# Data for the task

<<<<

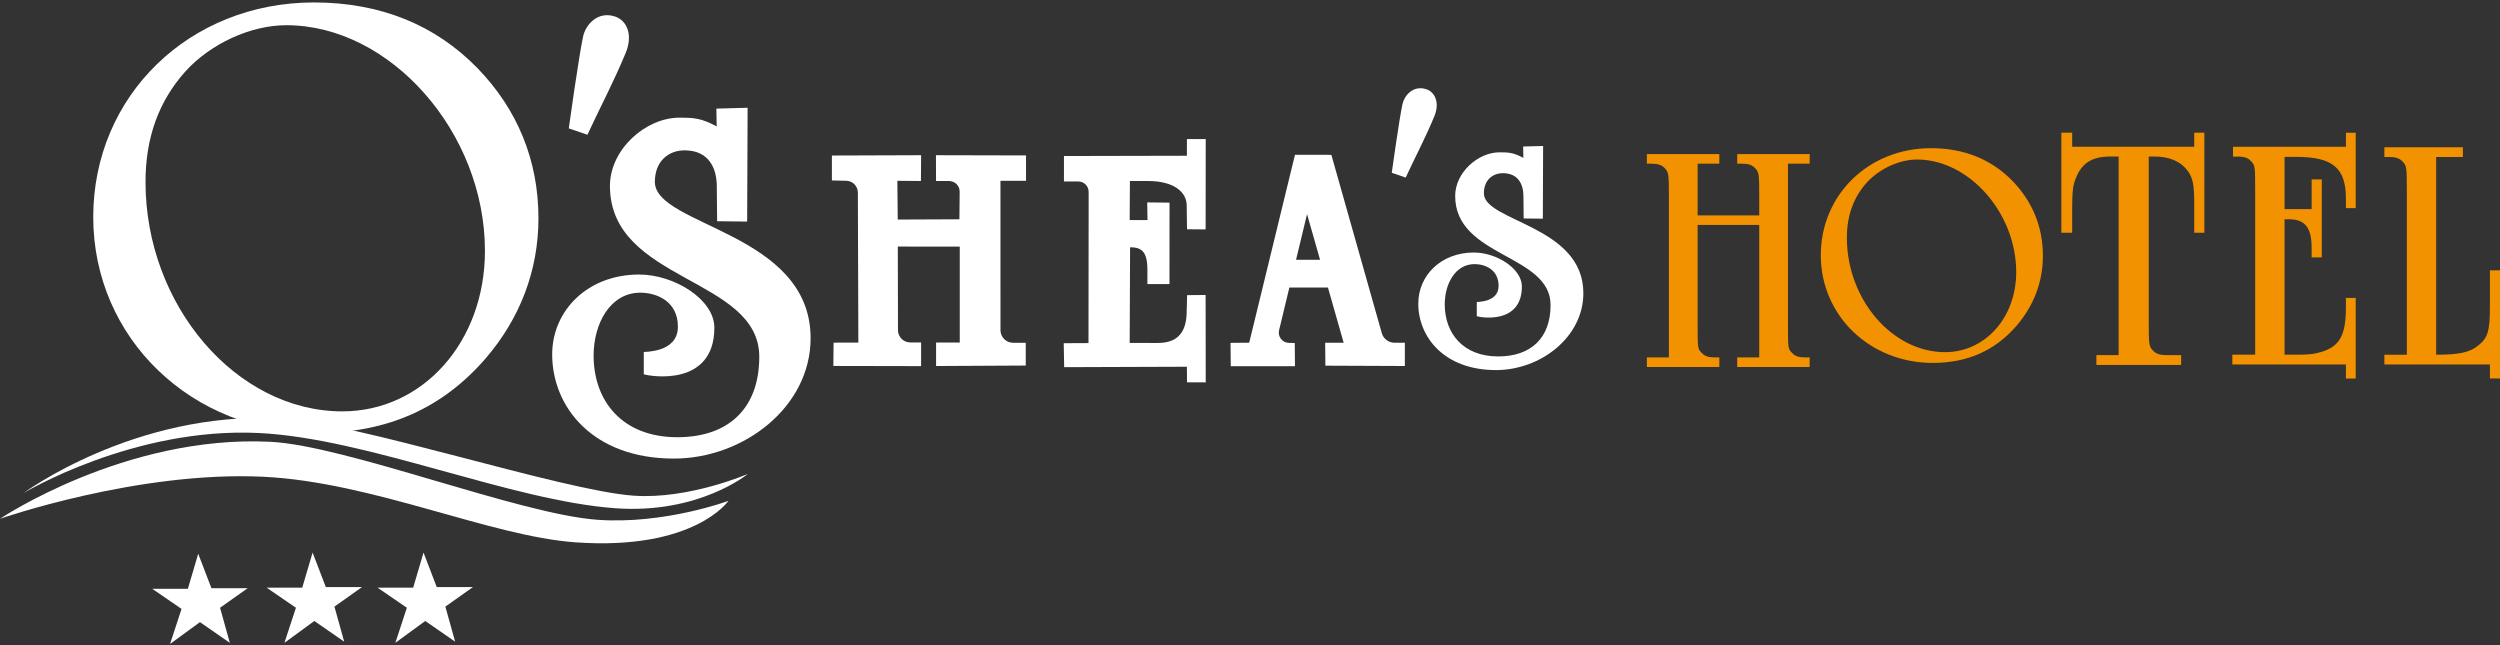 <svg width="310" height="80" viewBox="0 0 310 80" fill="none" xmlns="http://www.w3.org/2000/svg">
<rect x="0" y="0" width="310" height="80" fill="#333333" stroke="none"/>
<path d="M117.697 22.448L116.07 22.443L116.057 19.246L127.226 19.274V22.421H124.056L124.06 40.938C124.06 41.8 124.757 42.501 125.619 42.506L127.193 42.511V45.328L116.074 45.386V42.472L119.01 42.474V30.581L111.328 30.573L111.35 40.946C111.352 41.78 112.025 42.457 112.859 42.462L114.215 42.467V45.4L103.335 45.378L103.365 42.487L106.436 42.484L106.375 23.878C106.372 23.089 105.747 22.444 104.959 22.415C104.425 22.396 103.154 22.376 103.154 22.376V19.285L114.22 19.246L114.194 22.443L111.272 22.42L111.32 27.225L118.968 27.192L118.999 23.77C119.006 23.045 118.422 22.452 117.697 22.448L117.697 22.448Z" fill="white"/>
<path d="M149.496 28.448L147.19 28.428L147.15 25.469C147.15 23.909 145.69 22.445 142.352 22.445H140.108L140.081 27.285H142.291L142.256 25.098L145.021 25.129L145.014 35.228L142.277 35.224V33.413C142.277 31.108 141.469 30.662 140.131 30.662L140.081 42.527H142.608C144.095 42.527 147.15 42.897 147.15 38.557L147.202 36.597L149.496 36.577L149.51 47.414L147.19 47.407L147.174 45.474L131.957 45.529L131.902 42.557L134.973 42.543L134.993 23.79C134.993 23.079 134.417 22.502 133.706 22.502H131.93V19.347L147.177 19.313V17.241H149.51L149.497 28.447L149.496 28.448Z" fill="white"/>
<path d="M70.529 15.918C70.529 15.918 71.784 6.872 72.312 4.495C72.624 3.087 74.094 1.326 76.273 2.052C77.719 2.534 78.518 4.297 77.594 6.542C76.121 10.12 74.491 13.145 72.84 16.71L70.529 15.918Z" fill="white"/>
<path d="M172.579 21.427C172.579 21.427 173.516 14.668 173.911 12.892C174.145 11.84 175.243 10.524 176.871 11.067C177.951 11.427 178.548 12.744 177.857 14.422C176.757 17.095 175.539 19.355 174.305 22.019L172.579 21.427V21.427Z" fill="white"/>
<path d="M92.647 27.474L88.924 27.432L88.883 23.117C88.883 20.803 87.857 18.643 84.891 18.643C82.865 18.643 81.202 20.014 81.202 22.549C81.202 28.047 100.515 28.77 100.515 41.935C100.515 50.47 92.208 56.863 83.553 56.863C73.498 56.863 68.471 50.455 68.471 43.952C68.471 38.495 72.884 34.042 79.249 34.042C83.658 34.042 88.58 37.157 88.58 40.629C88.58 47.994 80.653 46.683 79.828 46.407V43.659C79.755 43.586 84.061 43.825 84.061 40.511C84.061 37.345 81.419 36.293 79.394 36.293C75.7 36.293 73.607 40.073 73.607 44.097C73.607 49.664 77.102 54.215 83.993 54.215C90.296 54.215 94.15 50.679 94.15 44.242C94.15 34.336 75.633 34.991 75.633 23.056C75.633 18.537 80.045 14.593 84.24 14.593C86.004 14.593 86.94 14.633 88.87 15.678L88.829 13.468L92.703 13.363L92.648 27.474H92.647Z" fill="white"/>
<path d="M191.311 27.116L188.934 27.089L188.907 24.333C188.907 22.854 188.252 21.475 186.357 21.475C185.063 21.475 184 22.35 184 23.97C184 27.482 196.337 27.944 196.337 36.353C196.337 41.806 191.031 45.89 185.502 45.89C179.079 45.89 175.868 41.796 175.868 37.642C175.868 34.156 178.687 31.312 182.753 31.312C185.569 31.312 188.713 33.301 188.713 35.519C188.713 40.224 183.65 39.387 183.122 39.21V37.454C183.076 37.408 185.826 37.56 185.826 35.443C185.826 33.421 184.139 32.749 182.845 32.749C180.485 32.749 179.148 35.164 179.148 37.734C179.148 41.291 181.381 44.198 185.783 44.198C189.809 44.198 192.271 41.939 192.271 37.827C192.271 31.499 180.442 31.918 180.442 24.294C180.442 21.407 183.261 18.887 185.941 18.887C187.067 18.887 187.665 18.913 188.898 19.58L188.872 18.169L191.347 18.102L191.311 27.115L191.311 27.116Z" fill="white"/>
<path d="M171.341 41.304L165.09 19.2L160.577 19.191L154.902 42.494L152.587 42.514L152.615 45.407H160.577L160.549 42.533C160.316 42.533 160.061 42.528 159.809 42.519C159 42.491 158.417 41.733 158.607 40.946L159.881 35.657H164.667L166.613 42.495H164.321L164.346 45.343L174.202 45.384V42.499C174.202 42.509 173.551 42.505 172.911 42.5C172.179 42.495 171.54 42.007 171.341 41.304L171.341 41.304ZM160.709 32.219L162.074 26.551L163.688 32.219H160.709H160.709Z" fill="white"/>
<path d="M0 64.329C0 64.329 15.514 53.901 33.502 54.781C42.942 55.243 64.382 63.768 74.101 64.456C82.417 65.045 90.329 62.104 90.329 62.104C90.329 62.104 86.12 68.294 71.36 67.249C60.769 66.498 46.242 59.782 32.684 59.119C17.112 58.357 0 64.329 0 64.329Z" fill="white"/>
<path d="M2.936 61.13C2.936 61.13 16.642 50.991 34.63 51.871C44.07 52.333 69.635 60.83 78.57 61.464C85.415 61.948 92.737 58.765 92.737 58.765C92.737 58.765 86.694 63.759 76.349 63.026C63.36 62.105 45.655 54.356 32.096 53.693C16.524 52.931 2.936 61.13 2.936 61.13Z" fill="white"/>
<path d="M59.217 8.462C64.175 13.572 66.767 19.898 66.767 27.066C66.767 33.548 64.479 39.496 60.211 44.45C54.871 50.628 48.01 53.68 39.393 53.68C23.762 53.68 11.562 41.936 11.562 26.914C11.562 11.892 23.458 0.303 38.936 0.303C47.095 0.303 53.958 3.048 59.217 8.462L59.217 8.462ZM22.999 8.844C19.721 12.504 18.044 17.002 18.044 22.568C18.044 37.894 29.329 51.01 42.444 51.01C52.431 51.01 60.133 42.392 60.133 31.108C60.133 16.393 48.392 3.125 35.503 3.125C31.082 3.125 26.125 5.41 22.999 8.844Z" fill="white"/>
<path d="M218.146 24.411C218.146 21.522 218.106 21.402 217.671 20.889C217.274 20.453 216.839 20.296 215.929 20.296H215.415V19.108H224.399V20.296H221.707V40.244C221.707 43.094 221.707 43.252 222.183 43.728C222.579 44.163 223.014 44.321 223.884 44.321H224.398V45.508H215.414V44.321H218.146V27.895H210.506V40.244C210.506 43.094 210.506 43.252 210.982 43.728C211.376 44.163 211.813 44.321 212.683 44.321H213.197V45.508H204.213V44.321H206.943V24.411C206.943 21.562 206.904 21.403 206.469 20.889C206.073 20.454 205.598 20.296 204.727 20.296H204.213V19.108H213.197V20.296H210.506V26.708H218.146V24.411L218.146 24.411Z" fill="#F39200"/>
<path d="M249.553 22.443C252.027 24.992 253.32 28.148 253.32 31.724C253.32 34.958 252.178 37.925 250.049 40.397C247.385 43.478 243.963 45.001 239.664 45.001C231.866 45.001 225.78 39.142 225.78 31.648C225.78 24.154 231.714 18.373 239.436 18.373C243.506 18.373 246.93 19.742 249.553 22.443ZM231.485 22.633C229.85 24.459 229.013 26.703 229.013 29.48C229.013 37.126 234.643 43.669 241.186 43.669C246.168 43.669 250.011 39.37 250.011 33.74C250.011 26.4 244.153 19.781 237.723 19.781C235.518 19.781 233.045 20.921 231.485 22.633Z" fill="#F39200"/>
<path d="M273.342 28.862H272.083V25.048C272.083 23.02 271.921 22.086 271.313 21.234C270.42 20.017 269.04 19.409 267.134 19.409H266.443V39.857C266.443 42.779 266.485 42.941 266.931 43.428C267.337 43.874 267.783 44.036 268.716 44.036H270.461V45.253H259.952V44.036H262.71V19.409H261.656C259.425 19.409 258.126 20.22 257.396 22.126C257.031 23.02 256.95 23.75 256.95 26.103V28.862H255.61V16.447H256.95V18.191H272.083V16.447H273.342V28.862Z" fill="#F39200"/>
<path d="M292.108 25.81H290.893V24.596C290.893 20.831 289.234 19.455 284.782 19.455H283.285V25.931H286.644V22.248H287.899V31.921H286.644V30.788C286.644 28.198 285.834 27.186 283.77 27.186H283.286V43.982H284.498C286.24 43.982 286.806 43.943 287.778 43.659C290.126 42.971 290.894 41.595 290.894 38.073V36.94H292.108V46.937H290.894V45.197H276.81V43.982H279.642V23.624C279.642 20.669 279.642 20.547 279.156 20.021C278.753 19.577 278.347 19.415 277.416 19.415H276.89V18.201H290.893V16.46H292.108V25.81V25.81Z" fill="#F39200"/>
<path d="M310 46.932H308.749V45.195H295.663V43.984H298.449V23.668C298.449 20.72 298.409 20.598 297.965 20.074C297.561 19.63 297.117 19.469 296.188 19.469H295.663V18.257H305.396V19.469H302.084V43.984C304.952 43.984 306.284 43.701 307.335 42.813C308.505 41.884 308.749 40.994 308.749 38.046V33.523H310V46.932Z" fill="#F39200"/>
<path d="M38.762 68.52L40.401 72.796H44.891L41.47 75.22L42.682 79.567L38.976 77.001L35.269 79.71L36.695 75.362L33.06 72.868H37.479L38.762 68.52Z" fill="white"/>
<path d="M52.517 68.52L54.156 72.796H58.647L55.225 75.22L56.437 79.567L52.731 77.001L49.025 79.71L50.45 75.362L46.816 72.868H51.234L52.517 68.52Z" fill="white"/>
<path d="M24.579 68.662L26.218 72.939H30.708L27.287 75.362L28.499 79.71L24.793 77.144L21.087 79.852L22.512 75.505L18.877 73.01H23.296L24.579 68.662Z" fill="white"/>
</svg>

>>>>

# Instructions for the task
Retype each line of the data exactly, beginning with the first; include the line containing "28.448L147.19 28.428L147.15 25.469C147.15" and stop there, skipping every picture.

# Response below
 <svg width="310" height="80" viewBox="0 0 310 80" fill="none" xmlns="http://www.w3.org/2000/svg">
<rect x="0" y="0" width="310" height="80" fill="#333333" stroke="none"/>
<path d="M117.697 22.448L116.07 22.443L116.057 19.246L127.226 19.274V22.421H124.056L124.06 40.938C124.06 41.8 124.757 42.501 125.619 42.506L127.193 42.511V45.328L116.074 45.386V42.472L119.01 42.474V30.581L111.328 30.573L111.35 40.946C111.352 41.78 112.025 42.457 112.859 42.462L114.215 42.467V45.4L103.335 45.378L103.365 42.487L106.436 42.484L106.375 23.878C106.372 23.089 105.747 22.444 104.959 22.415C104.425 22.396 103.154 22.376 103.154 22.376V19.285L114.22 19.246L114.194 22.443L111.272 22.42L111.32 27.225L118.968 27.192L118.999 23.77C119.006 23.045 118.422 22.452 117.697 22.448L117.697 22.448Z" fill="white"/>
<path d="M149.496 28.448L147.19 28.428L147.15 25.469C147.15 23.909 145.69 22.445 142.352 22.445H140.108L140.081 27.285H142.291L142.256 25.098L145.021 25.129L145.014 35.228L142.277 35.224V33.413C142.277 31.108 141.469 30.662 140.131 30.662L140.081 42.527H142.608C144.095 42.527 147.15 42.897 147.15 38.557L147.202 36.597L149.496 36.577L149.51 47.414L147.19 47.407L147.174 45.474L131.957 45.529L131.902 42.557L134.973 42.543L134.993 23.79C134.993 23.079 134.417 22.502 133.706 22.502H131.93V19.347L147.177 19.313V17.241H149.51L149.497 28.447L149.496 28.448Z" fill="white"/>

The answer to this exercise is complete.